Write out exactly, with both ends included, the lines that run from the line containing "A book cover" to the end of the entries. Pictures are not part of the answer.

GIVEN DATA —
>>

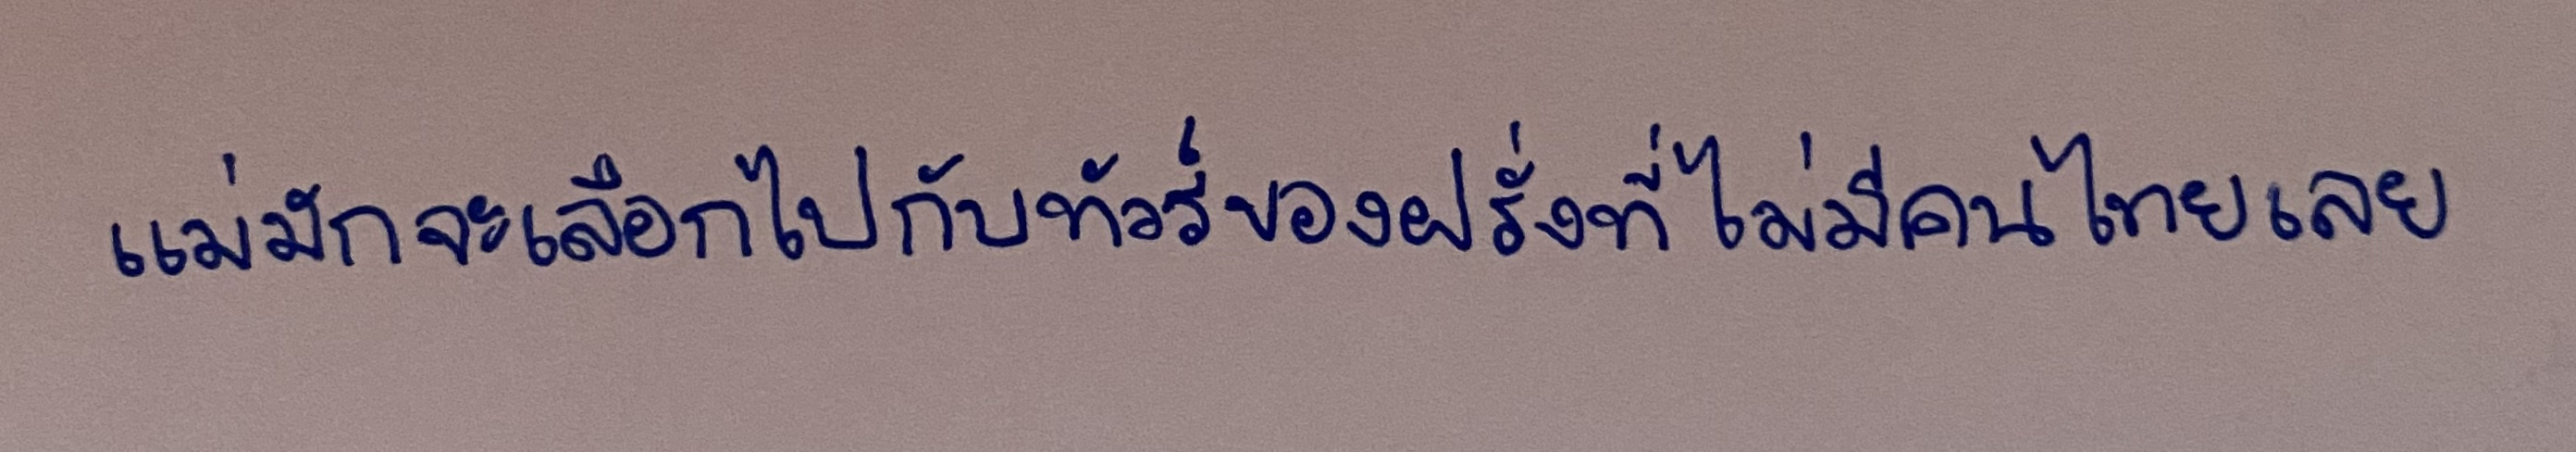
แม่มักจะเลือกไปกับทัวร์ของฝรั่งที่ไม่มีคนไทยเลย
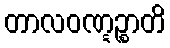
တာလဝဏ္ဋဉ္စာတိ
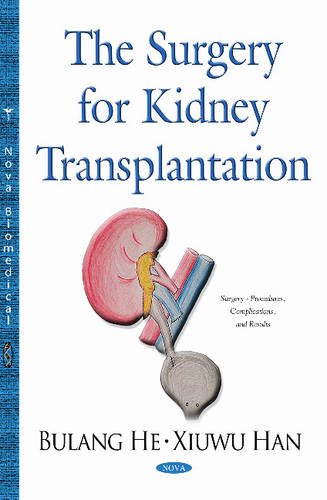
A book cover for The Surgery for Kidney Transplantation; Health, Fitness & Dieting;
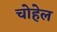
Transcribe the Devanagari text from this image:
चोहेल
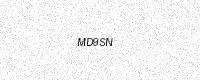
Text: MD9SN
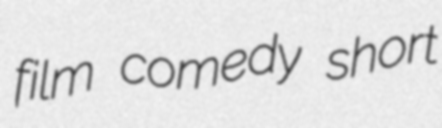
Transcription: film comedy short
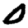
Digit: 0
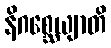
နိဂစ္ဆေယျာတိ
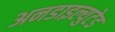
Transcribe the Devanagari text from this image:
अनडाइल्युटेड
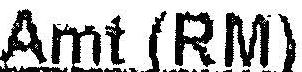
AMT (RM)
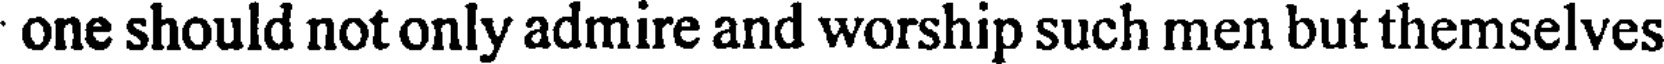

<<

COMPLETED TASK —
A book cover for The Surgery for Kidney Transplantation; Health, Fitness & Dieting;
Transcribe the Devanagari text from this image:
चोहेल
Text: MD9SN
Transcription: film comedy short
Digit: 0
နိဂစ္ဆေယျာတိ
Transcribe the Devanagari text from this image:
अनडाइल्युटेड
AMT (RM)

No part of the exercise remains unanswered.